A structured set of objections, weighed in public.

Desk editor's note, referee report, simulated authors' rebuttal, and a circularity audit. Tearing a paper down is the easy half of reading it; the pith above is the substance, this is the friction.

Referee Report

2 major / 2 minor

Summary. The paper analyzes the local convergence of sequential quadratic programming with complementarity constraints (SQPCC) for mathematical programs with complementarity constraints (MPCCs). It establishes that there exists at least one sequence of S-stationary points of the QPCC subproblems converging to a given S-stationary point of the MPCC, and characterizes conditions for convergence and local uniqueness of such sequences. The analysis relies on the kappa-omega framework for quantifying subproblem approximation errors (extending prior SQP results), weaker second-order sufficient conditions at the reference point, and does not require upper-level strict complementarity. Additional results include active-set stabilization (finite or asymptotic identification of active sets) and numerical examples comparing SQPCC to standard SQP on MPCCs.
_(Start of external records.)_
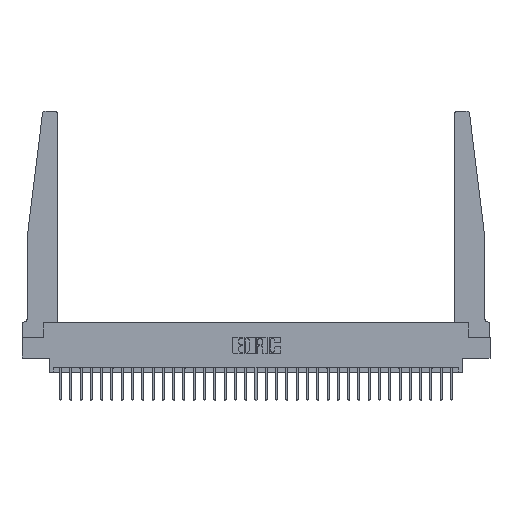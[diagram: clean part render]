
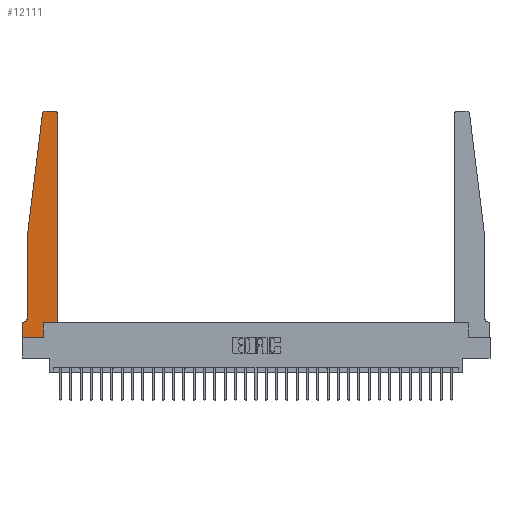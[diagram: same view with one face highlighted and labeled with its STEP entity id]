
A CAD part, top view. The second image highlights one B-rep face of the part: STEP entity #12111.
In plain terms, the highlighted planar face has unit normal (0, 0, 1).
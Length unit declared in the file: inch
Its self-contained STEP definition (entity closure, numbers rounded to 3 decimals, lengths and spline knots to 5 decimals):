
#172 = DIRECTION ( 'NONE',  ( 0., 1., 0. ) ) ;
#361 = CARTESIAN_POINT ( 'NONE',  ( 0.065, 0.1875, 0.37 ) ) ;
#404 = EDGE_CURVE ( 'NONE', #4796, #7009, #5524, .T. ) ;
#519 = CARTESIAN_POINT ( 'NONE',  ( 0.065, 1.25, 0.37 ) ) ;
#690 = ORIENTED_EDGE ( 'NONE', *, *, #18092, .T. ) ;
#781 = EDGE_CURVE ( 'NONE', #9649, #14126, #15463, .T. ) ;
#2043 = CARTESIAN_POINT ( 'NONE',  ( 0.065, 1.25, 0.37 ) ) ;
#2171 = ORIENTED_EDGE ( 'NONE', *, *, #2918, .T. ) ;
#2422 = CARTESIAN_POINT ( 'NONE',  ( 0., 0., 0.37 ) ) ;
#2530 = LINE ( 'NONE', #14739, #28419 ) ;
#2590 = CARTESIAN_POINT ( 'NONE',  ( 0., 0.1875, 0.37 ) ) ;
#2918 = EDGE_CURVE ( 'NONE', #10744, #11660, #29454, .T. ) ;
#3297 = DIRECTION ( 'NONE',  ( 1., 0., 0. ) ) ;
#3505 = DIRECTION ( 'NONE',  ( 0., 0., 1. ) ) ;
#4037 = DIRECTION ( 'NONE',  ( -1., 0., 0. ) ) ;
#4185 = CARTESIAN_POINT ( 'NONE',  ( 0.24675, 2.72367, 0.37 ) ) ;
#4200 = LINE ( 'NONE', #30605, #30671 ) ;
#4796 = VERTEX_POINT ( 'NONE', #8858 ) ;
#5372 = CARTESIAN_POINT ( 'NONE',  ( 0.425, 0.18, 0.37 ) ) ;
#5524 = LINE ( 'NONE', #5372, #19052 ) ;
#5738 = VECTOR ( 'NONE', #15066, 39.37008 ) ;
#5783 = ORIENTED_EDGE ( 'NONE', *, *, #28499, .T. ) ;
#5912 = LINE ( 'NONE', #13049, #15883 ) ;
#5974 = ORIENTED_EDGE ( 'NONE', *, *, #24936, .T. ) ;
#5983 = CARTESIAN_POINT ( 'NONE',  ( 0.065, 0.2375, 0.37 ) ) ;
#6089 = ORIENTED_EDGE ( 'NONE', *, *, #16979, .T. ) ;
#6294 = CARTESIAN_POINT ( 'NONE',  ( 0.2605, 0.18, 0.37 ) ) ;
#6378 = ORIENTED_EDGE ( 'NONE', *, *, #20324, .T. ) ;
#6563 = EDGE_CURVE ( 'NONE', #11208, #4796, #14059, .T. ) ;
#6840 = AXIS2_PLACEMENT_3D ( 'NONE', #9616, #23717, #26378 ) ;
#7009 = VERTEX_POINT ( 'NONE', #23190 ) ;
#7068 = ORIENTED_EDGE ( 'NONE', *, *, #25143, .T. ) ;
#8858 = CARTESIAN_POINT ( 'NONE',  ( 0.2605, 0.18, 0.37 ) ) ;
#9537 = VECTOR ( 'NONE', #10025, 39.37008 ) ;
#9616 = CARTESIAN_POINT ( 'NONE',  ( 0.395, 2.72, 0.37 ) ) ;
#9620 = CARTESIAN_POINT ( 'NONE',  ( 0.395, 2.75, 0.37 ) ) ;
#9649 = VERTEX_POINT ( 'NONE', #26786 ) ;
#10025 = DIRECTION ( 'NONE',  ( -1., 0., 0. ) ) ;
#10744 = VERTEX_POINT ( 'NONE', #4185 ) ;
#10909 = ORIENTED_EDGE ( 'NONE', *, *, #11241, .T. ) ;
#11208 = VERTEX_POINT ( 'NONE', #31013 ) ;
#11212 = CARTESIAN_POINT ( 'NONE',  ( 0.015, 0.1875, 0.37 ) ) ;
#11241 = EDGE_CURVE ( 'NONE', #19558, #17957, #12217, .T. ) ;
#11660 = VERTEX_POINT ( 'NONE', #2043 ) ;
#11781 = LINE ( 'NONE', #361, #9537 ) ;
#12111 = ADVANCED_FACE ( 'NONE', ( #26661 ), #24292, .T. ) ;
#12217 = LINE ( 'NONE', #17425, #5738 ) ;
#12281 = DIRECTION ( 'NONE',  ( 0., 0., 1. ) ) ;
#12678 = VERTEX_POINT ( 'NONE', #5983 ) ;
#12776 = ORIENTED_EDGE ( 'NONE', *, *, #6563, .T. ) ;
#13049 = CARTESIAN_POINT ( 'NONE',  ( 0.065, 1.25, 0.37 ) ) ;
#13055 = DIRECTION ( 'NONE',  ( 0., 0., -1. ) ) ;
#13196 = DIRECTION ( 'NONE',  ( 0., -1., 0. ) ) ;
#14059 = LINE ( 'NONE', #6294, #26339 ) ;
#14126 = VERTEX_POINT ( 'NONE', #9620 ) ;
#14739 = CARTESIAN_POINT ( 'NONE',  ( 0.425, 0.18, 0.37 ) ) ;
#14919 = AXIS2_PLACEMENT_3D ( 'NONE', #2590, #12281, #21922 ) ;
#15066 = DIRECTION ( 'NONE',  ( 0., -1., 0. ) ) ;
#15463 = CIRCLE ( 'NONE', #6840, 0.03 ) ;
#15709 = CARTESIAN_POINT ( 'NONE',  ( 0.27653, 2.72, 0.37 ) ) ;
#15883 = VECTOR ( 'NONE', #13196, 39.37008 ) ;
#16794 = VERTEX_POINT ( 'NONE', #27556 ) ;
#16979 = EDGE_CURVE ( 'NONE', #7009, #9649, #2530, .T. ) ;
#17425 = CARTESIAN_POINT ( 'NONE',  ( 0., 0., 0.37 ) ) ;
#17750 = EDGE_CURVE ( 'NONE', #12678, #20265, #21881, .T. ) ;
#17957 = VERTEX_POINT ( 'NONE', #2422 ) ;
#17960 = DIRECTION ( 'NONE',  ( -1., 0., 0. ) ) ;
#18092 = EDGE_CURVE ( 'NONE', #16794, #10744, #28957, .T. ) ;
#18271 = CARTESIAN_POINT ( 'NONE',  ( 0.015, 0.2375, 0.37 ) ) ;
#19052 = VECTOR ( 'NONE', #3297, 39.37008 ) ;
#19558 = VERTEX_POINT ( 'NONE', #26611 ) ;
#19655 = VECTOR ( 'NONE', #22207, 39.37008 ) ;
#19943 = EDGE_LOOP ( 'NONE', ( #7068, #690, #2171, #6378, #20062, #5783, #10909, #5974, #12776, #22119, #6089, #24940 ) ) ;
#20062 = ORIENTED_EDGE ( 'NONE', *, *, #17750, .T. ) ;
#20130 = DIRECTION ( 'NONE',  ( 1., 0., 0. ) ) ;
#20265 = VERTEX_POINT ( 'NONE', #11212 ) ;
#20324 = EDGE_CURVE ( 'NONE', #11660, #12678, #5912, .T. ) ;
#21636 = DIRECTION ( 'NONE',  ( 0., 1., 0. ) ) ;
#21881 = CIRCLE ( 'NONE', #30439, 0.05 ) ;
#21922 = DIRECTION ( 'NONE',  ( 1., 0., 0. ) ) ;
#22119 = ORIENTED_EDGE ( 'NONE', *, *, #404, .T. ) ;
#22207 = DIRECTION ( 'NONE',  ( -0.122, -0.992, 0. ) ) ;
#23122 = VECTOR ( 'NONE', #31096, 39.37008 ) ;
#23190 = CARTESIAN_POINT ( 'NONE',  ( 0.425, 0.18, 0.37 ) ) ;
#23717 = DIRECTION ( 'NONE',  ( 0., 0., 1. ) ) ;
#23849 = LINE ( 'NONE', #24003, #23122 ) ;
#24003 = CARTESIAN_POINT ( 'NONE',  ( 0., 0., 0.37 ) ) ;
#24292 = PLANE ( 'NONE',  #14919 ) ;
#24936 = EDGE_CURVE ( 'NONE', #17957, #11208, #23849, .T. ) ;
#24940 = ORIENTED_EDGE ( 'NONE', *, *, #781, .T. ) ;
#25143 = EDGE_CURVE ( 'NONE', #14126, #16794, #4200, .T. ) ;
#26339 = VECTOR ( 'NONE', #21636, 39.37008 ) ;
#26378 = DIRECTION ( 'NONE',  ( 1., 0., 0. ) ) ;
#26611 = CARTESIAN_POINT ( 'NONE',  ( 0., 0.1875, 0.37 ) ) ;
#26661 = FACE_OUTER_BOUND ( 'NONE', #19943, .T. ) ;
#26786 = CARTESIAN_POINT ( 'NONE',  ( 0.425, 2.72, 0.37 ) ) ;
#27556 = CARTESIAN_POINT ( 'NONE',  ( 0.27653, 2.75, 0.37 ) ) ;
#28419 = VECTOR ( 'NONE', #172, 39.37008 ) ;
#28499 = EDGE_CURVE ( 'NONE', #20265, #19558, #11781, .T. ) ;
#28957 = CIRCLE ( 'NONE', #29466, 0.03 ) ;
#29454 = LINE ( 'NONE', #519, #19655 ) ;
#29466 = AXIS2_PLACEMENT_3D ( 'NONE', #15709, #3505, #20130 ) ;
#30439 = AXIS2_PLACEMENT_3D ( 'NONE', #18271, #13055, #17960 ) ;
#30605 = CARTESIAN_POINT ( 'NONE',  ( 0.25, 2.75, 0.37 ) ) ;
#30671 = VECTOR ( 'NONE', #4037, 39.37008 ) ;
#31013 = CARTESIAN_POINT ( 'NONE',  ( 0.2605, 0., 0.37 ) ) ;
#31096 = DIRECTION ( 'NONE',  ( 1., 0., 0. ) ) ;

Significance. If the central convergence claims hold, this work provides a meaningful extension of local SQP theory to the QPCC setting for MPCCs, relaxing prior assumptions on second-order conditions and strict complementarity. The kappa-omega error framework is a strength, as it naturally handles linearly convergent variants and quantifies the impact of nonlinearity on the convergence basin. This could broaden the reliable use of SQPCC in applications involving complementarity, such as mechanics and game theory. The active-set stabilization result is a useful practical addition. Numerical examples are mentioned as validation but do not appear to serve as independent verification of the rates or uniqueness claims.

major comments (2)
  1. The central existence and uniqueness claims in the abstract rely on the kappa-omega error bounds and weaker SOSC at the reference S-stationary point, but the manuscript does not appear to provide explicit derivations of the error bounds for the QPCC subproblems (as opposed to standard QP subproblems). Without these, it is difficult to verify that the approximation errors remain controlled under the weaker SOSC.
  2. Section on active-set stabilization: the conditions for finite vs. asymptotic identification are stated, but it is unclear how they interact with the local uniqueness result for the sequence of QPCC S-stationary points. If the active sets stabilize only asymptotically, this may affect the claimed local uniqueness in a neighborhood.
minor comments (2)
  1. The numerical examples are referenced but lack sufficient detail on problem instances, iteration counts, or observed convergence rates to independently support the theoretical claims.
  2. Notation for the kappa-omega parameters and the S-stationarity definitions should be cross-referenced more explicitly between the SQP background section and the QPCC extension.

Simulated Author's Rebuttal

2 responses · 0 unresolved

We thank the referee for the careful reading and constructive comments on our manuscript. We address each major comment below and indicate the revisions we will make.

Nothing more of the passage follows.